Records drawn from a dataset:
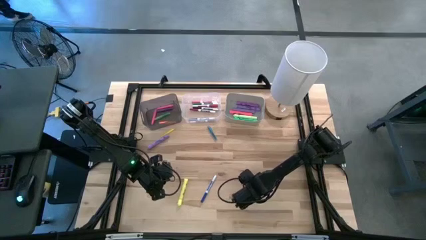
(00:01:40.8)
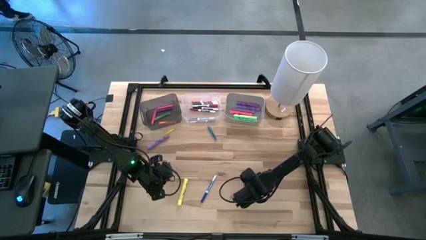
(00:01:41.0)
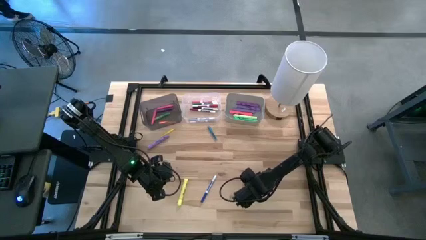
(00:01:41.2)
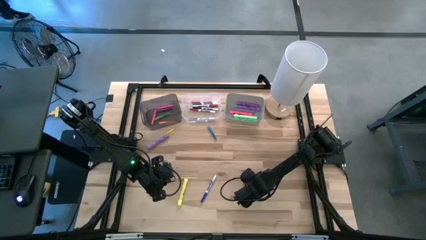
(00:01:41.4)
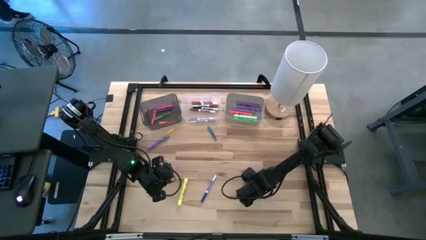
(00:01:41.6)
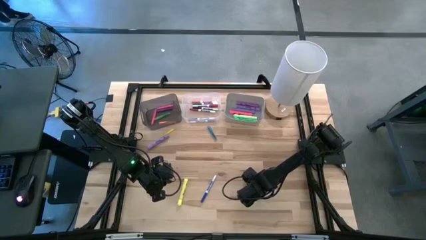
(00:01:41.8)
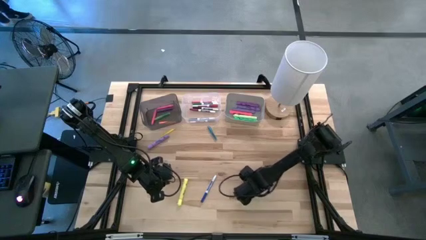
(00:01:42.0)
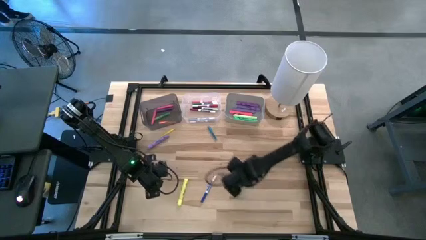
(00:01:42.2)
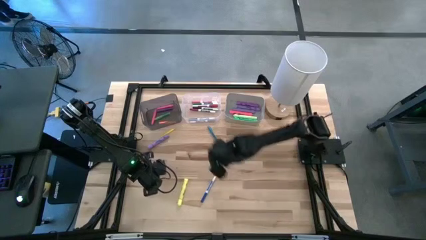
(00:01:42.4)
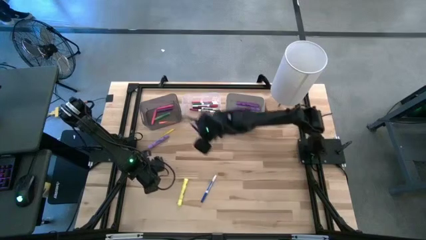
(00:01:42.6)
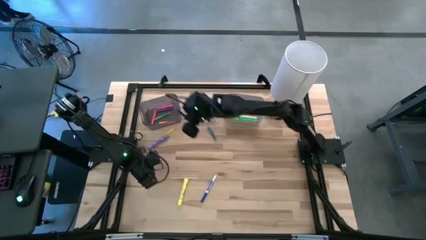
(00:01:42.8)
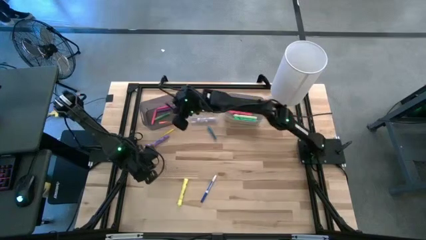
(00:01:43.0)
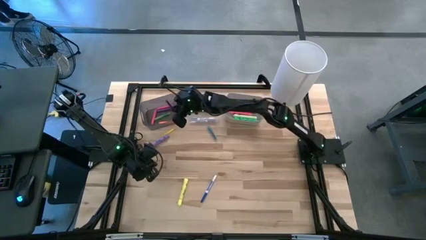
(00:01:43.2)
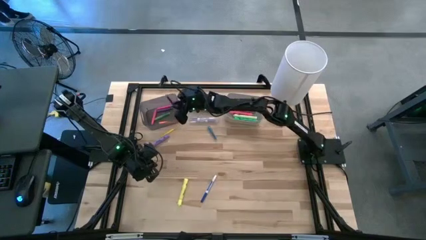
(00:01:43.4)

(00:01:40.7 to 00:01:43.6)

■ About this exercise ■
Copy all entries exactly; skip pictures.

■ Your response ■
(00:01:40.8)
(00:01:41.0)
(00:01:41.2)
(00:01:41.4)
(00:01:41.6)
(00:01:41.8)
(00:01:42.0)
(00:01:42.2)
(00:01:42.4)
(00:01:42.6)
(00:01:42.8)
(00:01:43.0)
(00:01:43.2)
(00:01:43.4)

(00:01:40.7 to 00:01:43.6)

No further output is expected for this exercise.